Over a number of summer nights I was shook from my sweet slumber by the same couple walking beneath my open bedroom window conversing in loud and inebriated tones. Over the course of a week or so they were like clockwork—very loud clockwork—and the conversations were a cornucopia of slurred, liquored chatter that was a convoluted combination of cursing and startlingly deep and thought-provoking sermon material.
On the last night of these midnight visitations, the robust banter went all-out theological. God, Jack Daniels and John Labatt were stirred together in a curious mix, and the results whetted my appetite for more as they rounded the corner and drifted off into the darkness to disturb someone else.
The man was quoting Scripture, talking about life and the reality of God. The woman, consistently the more obnoxious of the two, was throwing a classic God-objection in his face. “I have prayed and tried to see him,” she said. “I have gone to church,” she claimed. She recounted some of the pain in her life, the disappointments and anxieties, and then repeatedly called out to the Holy One: “Where is he? Where the %#&* is he?”
How would you answer her cry in the night?

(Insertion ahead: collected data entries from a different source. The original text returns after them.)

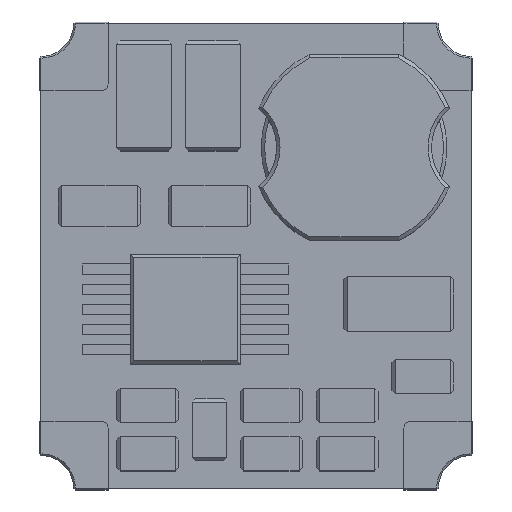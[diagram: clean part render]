
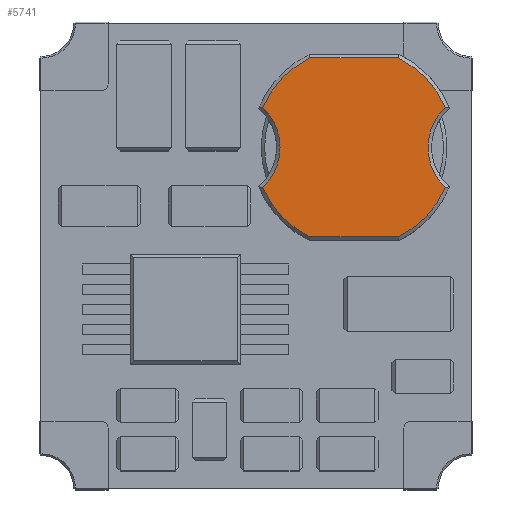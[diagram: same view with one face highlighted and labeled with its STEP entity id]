
A CAD part, top view. The second image highlights one B-rep face of the part: STEP entity #5741.
In plain terms, the highlighted planar face has unit normal (0, 0, 1).
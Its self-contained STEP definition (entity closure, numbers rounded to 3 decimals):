
#30=PLANE('',#6094);
#330=LINE('',#8099,#1022);
#331=LINE('',#8107,#1023);
#1022=VECTOR('',#6560,2.569);
#1023=VECTOR('',#6567,2.569);
#1739=FACE_OUTER_BOUND('',#2063,.T.);
#2063=EDGE_LOOP('',(#3847,#3848,#3849,#3850,#3851,#3852,#3853,#3854));
#2415=CIRCLE('',#6095,2.9);
#2416=CIRCLE('',#6096,1.6);
#2417=CIRCLE('',#6097,2.9);
#2418=CIRCLE('',#6098,2.9);
#2419=CIRCLE('',#6099,1.6);
#2420=CIRCLE('',#6100,2.9);
#2525=VERTEX_POINT('',#8097);
#2526=VERTEX_POINT('',#8098);
#2527=VERTEX_POINT('',#8100);
#2528=VERTEX_POINT('',#8102);
#2529=VERTEX_POINT('',#8104);
#2530=VERTEX_POINT('',#8106);
#2531=VERTEX_POINT('',#8108);
#2532=VERTEX_POINT('',#8110);
#3033=EDGE_CURVE('',#2525,#2526,#330,.T.);
#3034=EDGE_CURVE('',#2527,#2525,#2415,.T.);
#3035=EDGE_CURVE('',#2528,#2527,#2416,.T.);
#3036=EDGE_CURVE('',#2529,#2528,#2417,.T.);
#3037=EDGE_CURVE('',#2530,#2529,#331,.T.);
#3038=EDGE_CURVE('',#2531,#2530,#2418,.T.);
#3039=EDGE_CURVE('',#2532,#2531,#2419,.T.);
#3040=EDGE_CURVE('',#2526,#2532,#2420,.T.);
#3847=ORIENTED_EDGE('',*,*,#3033,.F.);
#3848=ORIENTED_EDGE('',*,*,#3034,.F.);
#3849=ORIENTED_EDGE('',*,*,#3035,.F.);
#3850=ORIENTED_EDGE('',*,*,#3036,.F.);
#3851=ORIENTED_EDGE('',*,*,#3037,.F.);
#3852=ORIENTED_EDGE('',*,*,#3038,.F.);
#3853=ORIENTED_EDGE('',*,*,#3039,.F.);
#3854=ORIENTED_EDGE('',*,*,#3040,.F.);
#5741=ADVANCED_FACE('',(#1739),#30,.T.);
#6094=AXIS2_PLACEMENT_3D('',#8096,#6558,#6559);
#6095=AXIS2_PLACEMENT_3D('',#8101,#6561,#6562);
#6096=AXIS2_PLACEMENT_3D('',#8103,#6563,#6564);
#6097=AXIS2_PLACEMENT_3D('',#8105,#6565,#6566);
#6098=AXIS2_PLACEMENT_3D('',#8109,#6568,#6569);
#6099=AXIS2_PLACEMENT_3D('',#8111,#6570,#6571);
#6100=AXIS2_PLACEMENT_3D('',#8112,#6572,#6573);
#6558=DIRECTION('center_axis',(0.,0.,1.));
#6559=DIRECTION('ref_axis',(1.,0.,0.));
#6560=DIRECTION('',(1.,0.,0.));
#6561=DIRECTION('center_axis',(0.,0.,-1.));
#6562=DIRECTION('ref_axis',(-0.436,0.9,0.));
#6563=DIRECTION('center_axis',(0.,0.,1.));
#6564=DIRECTION('ref_axis',(0.65,-0.76,0.));
#6565=DIRECTION('center_axis',(0.,0.,-1.));
#6566=DIRECTION('ref_axis',(-0.925,-0.38,0.));
#6567=DIRECTION('',(-1.,0.,0.));
#6568=DIRECTION('center_axis',(0.,0.,-1.));
#6569=DIRECTION('ref_axis',(0.436,-0.9,0.));
#6570=DIRECTION('center_axis',(0.,0.,1.));
#6571=DIRECTION('ref_axis',(-0.65,0.76,0.));
#6572=DIRECTION('center_axis',(0.,0.,-1.));
#6573=DIRECTION('ref_axis',(0.925,0.38,0.));
#8096=CARTESIAN_POINT('Origin',(2.85,3.15,3.41));
#8097=CARTESIAN_POINT('',(1.565,5.75,3.41));
#8098=CARTESIAN_POINT('',(4.135,5.75,3.41));
#8099=CARTESIAN_POINT('',(3.504,5.75,3.41));
#8100=CARTESIAN_POINT('',(0.195,4.317,3.41));
#8101=CARTESIAN_POINT('Origin',(2.85,3.15,3.41));
#8102=CARTESIAN_POINT('',(0.195,1.983,3.41));
#8103=CARTESIAN_POINT('Origin',(-0.9,3.15,3.41));
#8104=CARTESIAN_POINT('',(1.565,0.55,3.41));
#8105=CARTESIAN_POINT('Origin',(2.85,3.15,3.41));
#8106=CARTESIAN_POINT('',(4.135,0.55,3.41));
#8107=CARTESIAN_POINT('',(2.196,0.55,3.41));
#8108=CARTESIAN_POINT('',(5.505,1.983,3.41));
#8109=CARTESIAN_POINT('Origin',(2.85,3.15,3.41));
#8110=CARTESIAN_POINT('',(5.505,4.317,3.41));
#8111=CARTESIAN_POINT('Origin',(6.6,3.15,3.41));
#8112=CARTESIAN_POINT('Origin',(2.85,3.15,3.41));

Elie Wiesel, in his famous little book, Night, tells of prisoners in Auschwitz asking the same troubling and very human question: Where is God? We must take this question seriously. We must be with those who ask it. We must admit that even we who believe ask it. Even the Scriptures wonder, “O my God, I cry by day, but you do not answer, and by night, but I find no rest” (Psalm 22:2). We must have an answer for the seeming hiddenness of God or we’re no longer human, let alone honest.
If you’ve ever walked with the frustrated, you know there are no pat answers. The fact that many rely on pat answers, clichés or Oprahisms is perhaps proof we’ve been far too asleep and in need of a midnight walk. Still, we must be able to point those crying in the night to hope, to some reason to believe, and the hiddenness of God is actually one of the more beautiful aspects of the reality of a loving Redeemer.

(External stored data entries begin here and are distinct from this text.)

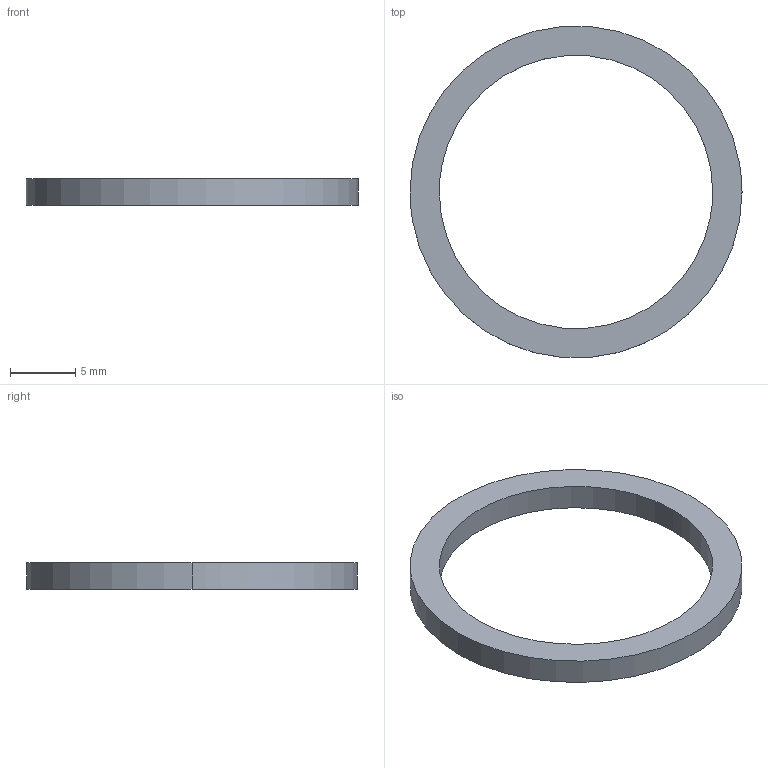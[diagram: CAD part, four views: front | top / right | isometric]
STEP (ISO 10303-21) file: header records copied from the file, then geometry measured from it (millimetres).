
FILE_DESCRIPTION(( 'MX.30.00.12.stp' ), '1');
FILE_NAME( 'MX.30.00.12.stp', '2018-11-13T11:37:04',( 'Sopra'),('sopra-pneumatic.com'), 'SwSTEP 2.0','SolidWorks 2009','' );
FILE_SCHEMA (('CONFIG_CONTROL_DESIGN'));
Length unit declared in the file: millimetre
Products named in the file (1): Document
Bounding box: 25.5 x 25.41 x 2 mm (x, y, z)
Volume: 328.3 mm3; surface area: 620.8 mm2
Topology: 1 solids, 1 shells, 6 faces, 12 edges, 8 vertices
Faces by surface type: bspline 4, plane 2
Entity records: 312 total; most frequent: CARTESIAN_POINT 132, ORIENTED_EDGE 24, EDGE_CURVE 12, B_SPLINE_CURVE_WITH_KNOTS 12, EDGE_LOOP 8, VERTEX_POINT 8, ORGANIZATION 7, PERSON_AND_ORGANIZATION 7

In remaining hidden God acts in grace and holiness:
• First, he does not coerce us into belief. God respects our humanity in all its created beauty and sin-induced brokenness.

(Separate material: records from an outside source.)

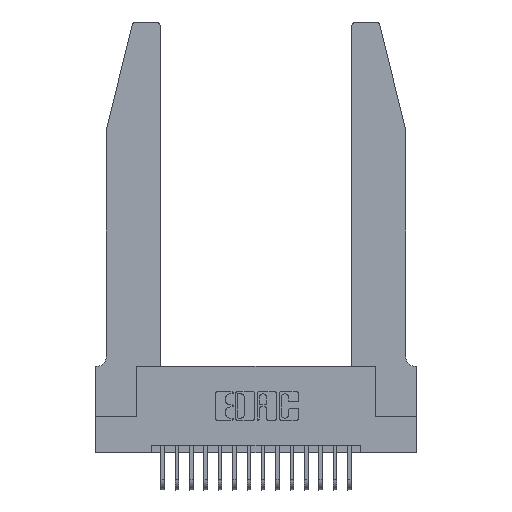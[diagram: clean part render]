
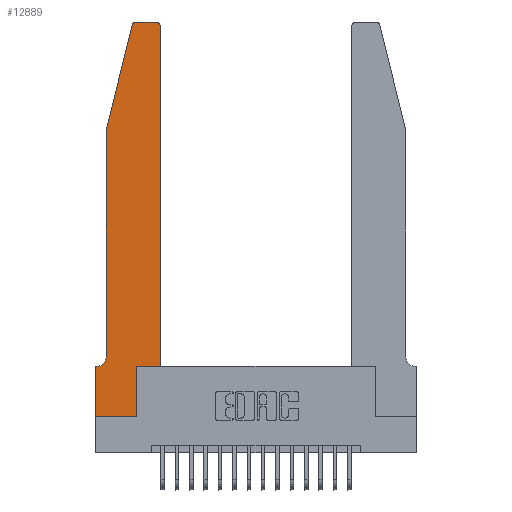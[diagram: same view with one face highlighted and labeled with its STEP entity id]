
A CAD part, top view. The second image highlights one B-rep face of the part: STEP entity #12889.
In plain terms, the highlighted planar face has unit normal (0, 0, 1).
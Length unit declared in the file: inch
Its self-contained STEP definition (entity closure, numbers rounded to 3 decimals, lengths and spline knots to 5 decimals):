
#31 = CARTESIAN_POINT ( 'NONE',  ( 0., 0., 0.37 ) ) ;
#125 = LINE ( 'NONE', #14655, #17022 ) ;
#595 = ORIENTED_EDGE ( 'NONE', *, *, #16536, .T. ) ;
#624 = ORIENTED_EDGE ( 'NONE', *, *, #12312, .T. ) ;
#716 = AXIS2_PLACEMENT_3D ( 'NONE', #1123, #12544, #2851 ) ;
#771 = VERTEX_POINT ( 'NONE', #936 ) ;
#936 = CARTESIAN_POINT ( 'NONE',  ( 0.0055, 0.35, 0.37 ) ) ;
#1117 = VECTOR ( 'NONE', #9383, 39.37008 ) ;
#1123 = CARTESIAN_POINT ( 'NONE',  ( 0.0055, 0.42, 0.37 ) ) ;
#1430 = CARTESIAN_POINT ( 'NONE',  ( 0., 0., 0.37 ) ) ;
#1726 = ORIENTED_EDGE ( 'NONE', *, *, #15703, .T. ) ;
#1800 = EDGE_LOOP ( 'NONE', ( #13573, #20486, #14018, #595, #624, #18706, #3528, #3685, #1726, #3052, #11393, #3922 ) ) ;
#1933 = EDGE_CURVE ( 'NONE', #6946, #18640, #5919, .T. ) ;
#2126 = CARTESIAN_POINT ( 'NONE',  ( 0.4505, 0.35, 0.37 ) ) ;
#2129 = VECTOR ( 'NONE', #8701, 39.37008 ) ;
#2178 = AXIS2_PLACEMENT_3D ( 'NONE', #7787, #19151, #9435 ) ;
#2206 = LINE ( 'NONE', #7742, #1117 ) ;
#2492 = CARTESIAN_POINT ( 'NONE',  ( 0.0755, 2., 0.37 ) ) ;
#2574 = CARTESIAN_POINT ( 'NONE',  ( 0.4505, 0.35, 0.37 ) ) ;
#2686 = EDGE_CURVE ( 'NONE', #17903, #7559, #5123, .T. ) ;
#2720 = LINE ( 'NONE', #17379, #7548 ) ;
#2851 = DIRECTION ( 'NONE',  ( -1., 0., 0. ) ) ;
#2899 = PLANE ( 'NONE',  #2178 ) ;
#3052 = ORIENTED_EDGE ( 'NONE', *, *, #14700, .T. ) ;
#3091 = DIRECTION ( 'NONE',  ( 0., 0., 1. ) ) ;
#3528 = ORIENTED_EDGE ( 'NONE', *, *, #18785, .T. ) ;
#3629 = EDGE_CURVE ( 'NONE', #6133, #5032, #125, .T. ) ;
#3674 = LINE ( 'NONE', #2492, #11781 ) ;
#3685 = ORIENTED_EDGE ( 'NONE', *, *, #3629, .T. ) ;
#3830 = DIRECTION ( 'NONE',  ( 1., 0., 0. ) ) ;
#3886 = AXIS2_PLACEMENT_3D ( 'NONE', #12773, #3091, #14412 ) ;
#3922 = ORIENTED_EDGE ( 'NONE', *, *, #14340, .T. ) ;
#4070 = CARTESIAN_POINT ( 'NONE',  ( 0.4505, 2.72, 0.37 ) ) ;
#4145 = DIRECTION ( 'NONE',  ( 0., -1., 0. ) ) ;
#4587 = DIRECTION ( 'NONE',  ( -0.239, -0.971, 0. ) ) ;
#4660 = CARTESIAN_POINT ( 'NONE',  ( 0.4205, 2.75, 0.37 ) ) ;
#5001 = VERTEX_POINT ( 'NONE', #14694 ) ;
#5032 = VERTEX_POINT ( 'NONE', #13128 ) ;
#5123 = LINE ( 'NONE', #2126, #8905 ) ;
#5475 = EDGE_CURVE ( 'NONE', #13046, #6946, #2206, .T. ) ;
#5919 = CIRCLE ( 'NONE', #6982, 0.03 ) ;
#6027 = VERTEX_POINT ( 'NONE', #8067 ) ;
#6133 = VERTEX_POINT ( 'NONE', #31 ) ;
#6680 = CARTESIAN_POINT ( 'NONE',  ( 0.0755, 2., 0.37 ) ) ;
#6946 = VERTEX_POINT ( 'NONE', #15475 ) ;
#6982 = AXIS2_PLACEMENT_3D ( 'NONE', #13382, #14437, #3830 ) ;
#7548 = VECTOR ( 'NONE', #9316, 39.37008 ) ;
#7559 = VERTEX_POINT ( 'NONE', #4070 ) ;
#7742 = CARTESIAN_POINT ( 'NONE',  ( 0.2605, 2.75, 0.37 ) ) ;
#7787 = CARTESIAN_POINT ( 'NONE',  ( 0., 0.35, 0.37 ) ) ;
#8067 = CARTESIAN_POINT ( 'NONE',  ( 0.0755, 0.42, 0.37 ) ) ;
#8212 = DIRECTION ( 'NONE',  ( 1., 0., 0. ) ) ;
#8701 = DIRECTION ( 'NONE',  ( 0., 1., 0. ) ) ;
#8905 = VECTOR ( 'NONE', #13492, 39.37008 ) ;
#9316 = DIRECTION ( 'NONE',  ( 1., 0., 0. ) ) ;
#9383 = DIRECTION ( 'NONE',  ( -1., 0., 0. ) ) ;
#9435 = DIRECTION ( 'NONE',  ( 1., 0., 0. ) ) ;
#9486 = EDGE_CURVE ( 'NONE', #18640, #13842, #13500, .T. ) ;
#9661 = CARTESIAN_POINT ( 'NONE',  ( 0.25487, 2.72718, 0.37 ) ) ;
#9725 = VECTOR ( 'NONE', #4587, 39.37008 ) ;
#9835 = VECTOR ( 'NONE', #16124, 39.37008 ) ;
#11393 = ORIENTED_EDGE ( 'NONE', *, *, #2686, .T. ) ;
#11660 = DIRECTION ( 'NONE',  ( -1., 0., 0. ) ) ;
#11781 = VECTOR ( 'NONE', #4145, 39.37008 ) ;
#11853 = CARTESIAN_POINT ( 'NONE',  ( 0.2865, 0.35, 0.37 ) ) ;
#11881 = VECTOR ( 'NONE', #11660, 39.37008 ) ;
#12312 = EDGE_CURVE ( 'NONE', #6027, #771, #13162, .T. ) ;
#12368 = LINE ( 'NONE', #19744, #11881 ) ;
#12544 = DIRECTION ( 'NONE',  ( 0., 0., -1. ) ) ;
#12607 = CIRCLE ( 'NONE', #3886, 0.03 ) ;
#12773 = CARTESIAN_POINT ( 'NONE',  ( 0.4205, 2.72, 0.37 ) ) ;
#12889 = ADVANCED_FACE ( 'NONE', ( #13410 ), #2899, .T. ) ;
#13046 = VERTEX_POINT ( 'NONE', #4660 ) ;
#13128 = CARTESIAN_POINT ( 'NONE',  ( 0.2865, 0., 0.37 ) ) ;
#13162 = CIRCLE ( 'NONE', #716, 0.07 ) ;
#13289 = VERTEX_POINT ( 'NONE', #11853 ) ;
#13382 = CARTESIAN_POINT ( 'NONE',  ( 0.284, 2.72, 0.37 ) ) ;
#13410 = FACE_OUTER_BOUND ( 'NONE', #1800, .T. ) ;
#13492 = DIRECTION ( 'NONE',  ( 0., 1., 0. ) ) ;
#13500 = LINE ( 'NONE', #14240, #9725 ) ;
#13573 = ORIENTED_EDGE ( 'NONE', *, *, #5475, .T. ) ;
#13842 = VERTEX_POINT ( 'NONE', #6680 ) ;
#14018 = ORIENTED_EDGE ( 'NONE', *, *, #9486, .T. ) ;
#14109 = LINE ( 'NONE', #1430, #9835 ) ;
#14240 = CARTESIAN_POINT ( 'NONE',  ( 0.0755, 2., 0.37 ) ) ;
#14340 = EDGE_CURVE ( 'NONE', #7559, #13046, #12607, .T. ) ;
#14412 = DIRECTION ( 'NONE',  ( 1., 0., 0. ) ) ;
#14437 = DIRECTION ( 'NONE',  ( 0., 0., 1. ) ) ;
#14586 = LINE ( 'NONE', #18429, #2129 ) ;
#14655 = CARTESIAN_POINT ( 'NONE',  ( 0., 0., 0.37 ) ) ;
#14694 = CARTESIAN_POINT ( 'NONE',  ( 0., 0.35, 0.37 ) ) ;
#14700 = EDGE_CURVE ( 'NONE', #13289, #17903, #2720, .T. ) ;
#15475 = CARTESIAN_POINT ( 'NONE',  ( 0.284, 2.75, 0.37 ) ) ;
#15703 = EDGE_CURVE ( 'NONE', #5032, #13289, #14586, .T. ) ;
#16124 = DIRECTION ( 'NONE',  ( 0., -1., 0. ) ) ;
#16536 = EDGE_CURVE ( 'NONE', #13842, #6027, #3674, .T. ) ;
#17022 = VECTOR ( 'NONE', #8212, 39.37008 ) ;
#17379 = CARTESIAN_POINT ( 'NONE',  ( 0.4505, 0.35, 0.37 ) ) ;
#17903 = VERTEX_POINT ( 'NONE', #2574 ) ;
#18188 = EDGE_CURVE ( 'NONE', #771, #5001, #12368, .T. ) ;
#18429 = CARTESIAN_POINT ( 'NONE',  ( 0.2865, 0.35, 0.37 ) ) ;
#18640 = VERTEX_POINT ( 'NONE', #9661 ) ;
#18706 = ORIENTED_EDGE ( 'NONE', *, *, #18188, .T. ) ;
#18785 = EDGE_CURVE ( 'NONE', #5001, #6133, #14109, .T. ) ;
#19151 = DIRECTION ( 'NONE',  ( 0., 0., 1. ) ) ;
#19744 = CARTESIAN_POINT ( 'NONE',  ( 0.0755, 0.35, 0.37 ) ) ;
#20486 = ORIENTED_EDGE ( 'NONE', *, *, #1933, .T. ) ;

• Second, he heightens the joy of discovery. God both looks for us and waits to be found, so that our joy is complete, even in the midst of trial.
• Third, and uniquely Christian, God enters our suffering. God does not ignore us, but meets us in our pain, and we are awakened to a grace and love that would never have come into view otherwise.
God in Christ enters humanity’s anguish and answers our question of where he is with a cross that flips the question around: “Where is humanity? Is this what you people do with love and grace? Who do you think you are? Do you crucify the Good and then blame the Good for not stopping you?”
Now there’s a question or two that might keep us up at night.